The making of WEIGHTLESS (part 1) – Preparations

It all started with a big discussion around the lunch table at the office:

“Shouldn’t we do something more adventurous? Make a project together. Go travelling!”

We (Christian & Toni) both work creatively on a daily basis but the urge to pursue something more challenging was inspiring. I (Toni) have always wanted to join my passion for freediving with my passion for composing music and working with film. So the thought of doing an underwater projects started to form. But none of us had ever done any underwater filming. Christian has some previous experience with underwater photography but only stills. So we had to take most of it from the start. We needed to supplement our camera equipment with an underwater housing (Ikelite), buy a good looking wetsuit (Orca), and eventually we got Carl persuaded to come with us as safety diver.

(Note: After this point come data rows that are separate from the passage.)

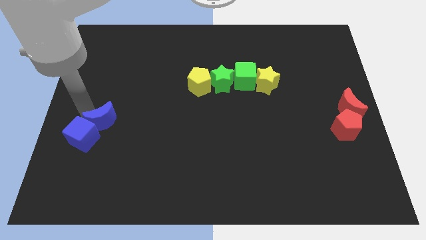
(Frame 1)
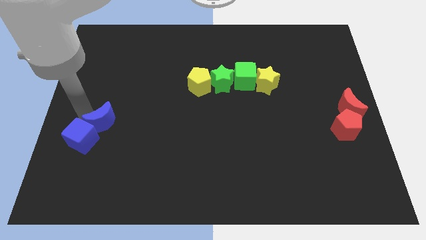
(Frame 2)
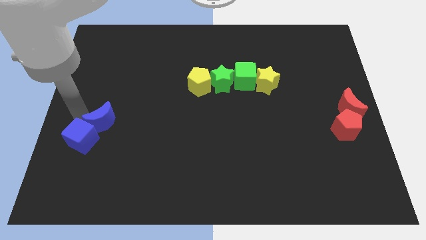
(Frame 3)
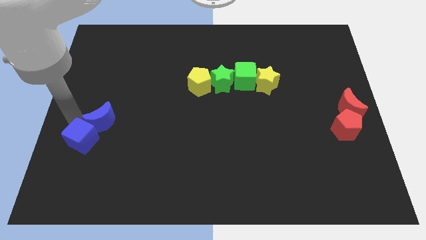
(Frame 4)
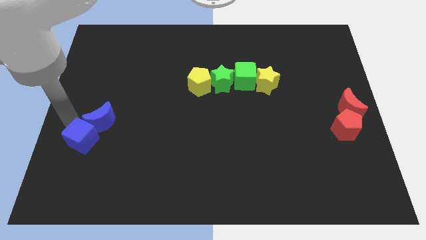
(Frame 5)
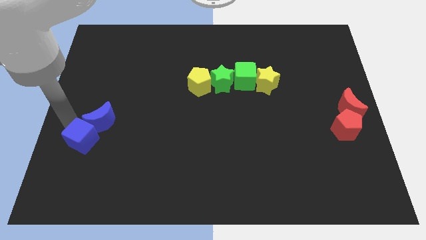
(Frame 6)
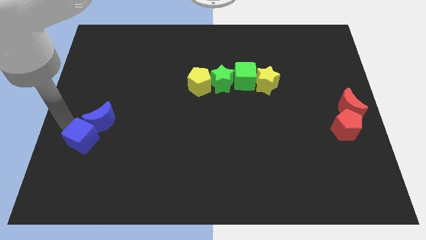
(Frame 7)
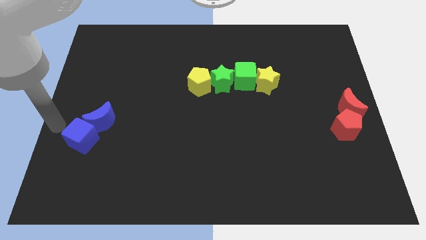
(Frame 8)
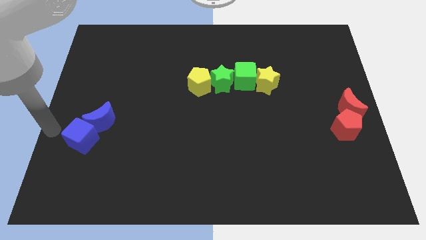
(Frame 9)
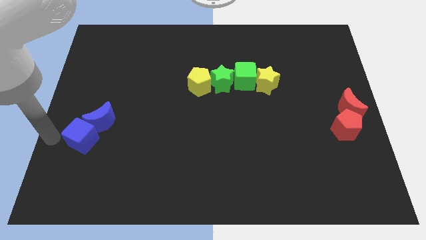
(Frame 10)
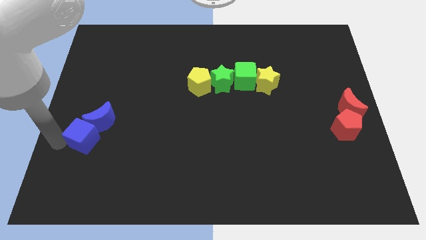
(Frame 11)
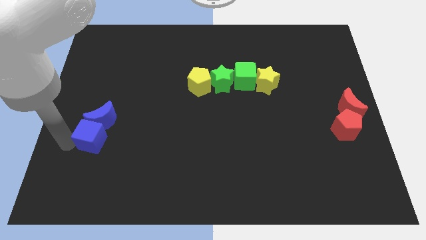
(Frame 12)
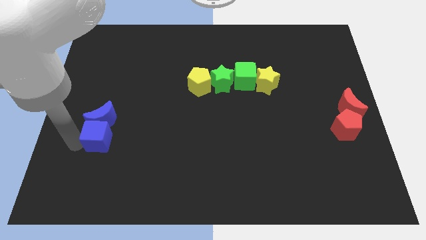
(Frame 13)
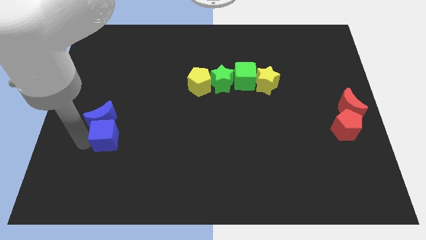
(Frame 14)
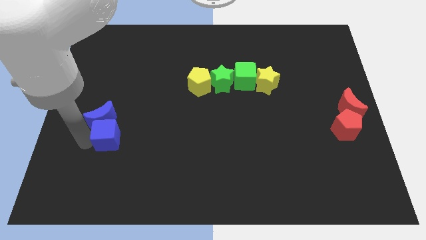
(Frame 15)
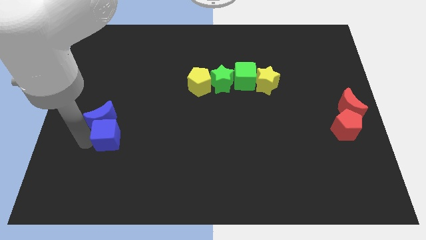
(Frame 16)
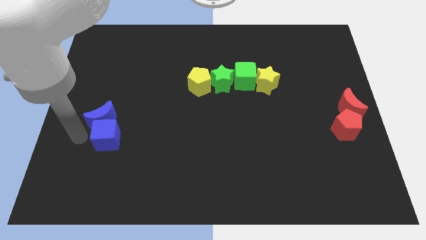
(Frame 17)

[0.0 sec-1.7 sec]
place the blue cube below the blue crescent

But it wasn’t just the practical stuff… we had to have a story! After watching the cool ‘Free Fall’ video on YouTube I felt that Nery had captured exactly what I felt myself while freediving: this enormous feeling of freedom and emotional connection with the sport. What I wanted to do was create a film where that special feeling could be exposed not only for other freedivers but for everyone who would watch it.

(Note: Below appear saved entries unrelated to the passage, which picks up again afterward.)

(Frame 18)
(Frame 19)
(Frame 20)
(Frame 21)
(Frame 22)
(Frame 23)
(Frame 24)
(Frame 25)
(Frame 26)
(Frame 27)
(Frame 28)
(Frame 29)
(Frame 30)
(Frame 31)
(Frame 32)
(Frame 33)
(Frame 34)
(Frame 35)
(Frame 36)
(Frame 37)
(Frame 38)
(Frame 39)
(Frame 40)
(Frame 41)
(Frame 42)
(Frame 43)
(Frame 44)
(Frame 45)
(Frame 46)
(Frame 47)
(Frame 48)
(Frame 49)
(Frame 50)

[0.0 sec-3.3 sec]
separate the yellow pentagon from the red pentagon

One late night while trying to fall a sleep I got an idea! I quickly wrote it down with one eye open and the next day Christian agreed that it was good. He added a great opening to the film and we started doing the storyboard. Needless to say that we had some cool ideas on the storyboard that wasn’t quite doable in the shooting process  🙂

 

With just a couple of weeks left before our trip we had to get acquainted with the camera underwater and try out some of the things in a pool. We had the opportunity to use the deep pool in ‘Bellahøj Svømmestadion’ were I normally train freediving. After some trial-and-error processes we realized that most of our ideas would probably work. Some – like blowing air rings at 20 m depth and then swim through them at 10 m  – was maybe a bit too eager a plan. We also experienced that the right placement of weights on the body was crucial to what could be done of acrobatic movements. But we got a good impression of how we should do the different scenes and then…. we were good to go!